Input material =>
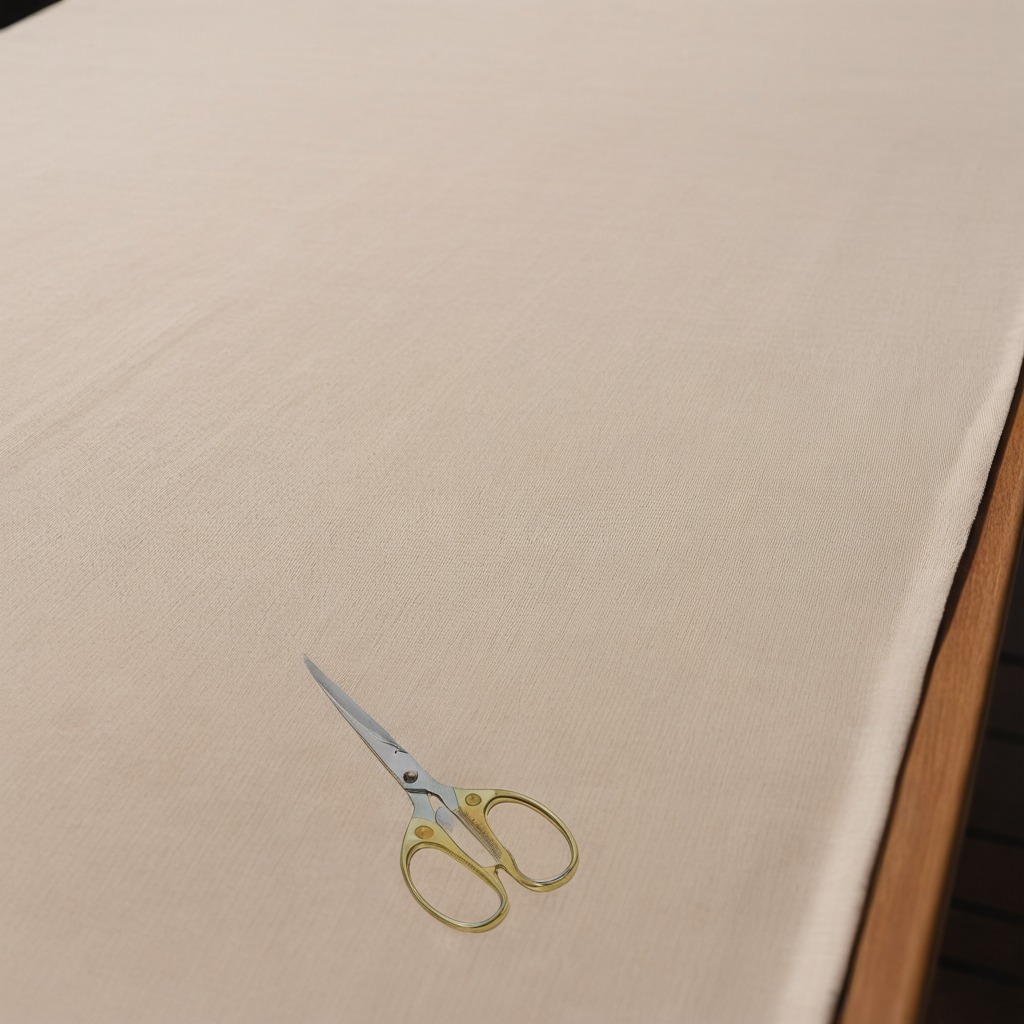
A scissor lying on a wooden table in an outdoor workshop during daytime bright natural light soft shadows worn but beneath the cloth
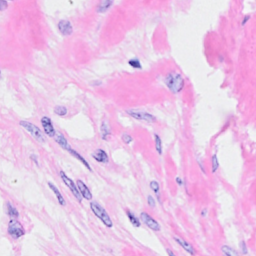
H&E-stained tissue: Breast
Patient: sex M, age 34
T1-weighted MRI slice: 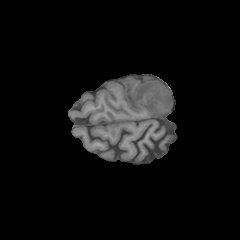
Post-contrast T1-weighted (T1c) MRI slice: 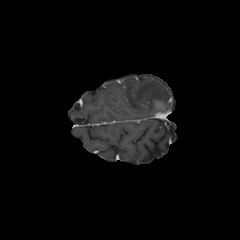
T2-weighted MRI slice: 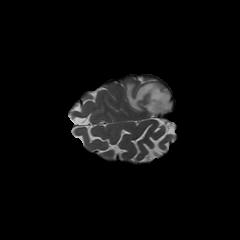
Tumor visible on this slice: yes
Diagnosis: Astrocytoma, IDH-mutant
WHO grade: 3
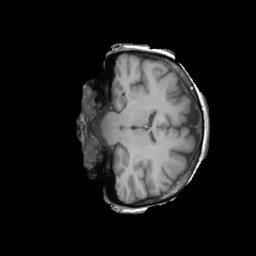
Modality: T1w
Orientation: coronal
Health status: ill
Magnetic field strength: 3 T
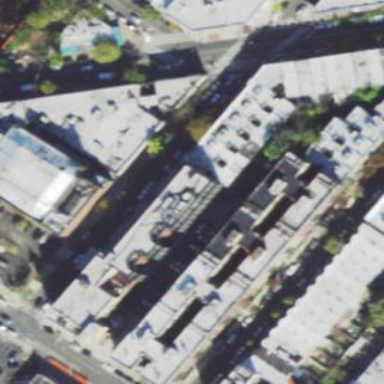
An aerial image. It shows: Building used as apartments.

Exercise instructions =>
Nothing but the lines from the line with "H&E-stained tissue: Breast" through the last line of the listing should be copied, exactly and with both ends kept. Leave pictures out.

Reply to the task =>
H&E-stained tissue: Breast
Patient: sex M, age 34
T1-weighted MRI slice: 
Post-contrast T1-weighted (T1c) MRI slice: 
T2-weighted MRI slice: 
Tumor visible on this slice: yes
Diagnosis: Astrocytoma, IDH-mutant
WHO grade: 3
Modality: T1w
Orientation: coronal
Health status: ill
Magnetic field strength: 3 T
An aerial image. It shows: Building used as apartments.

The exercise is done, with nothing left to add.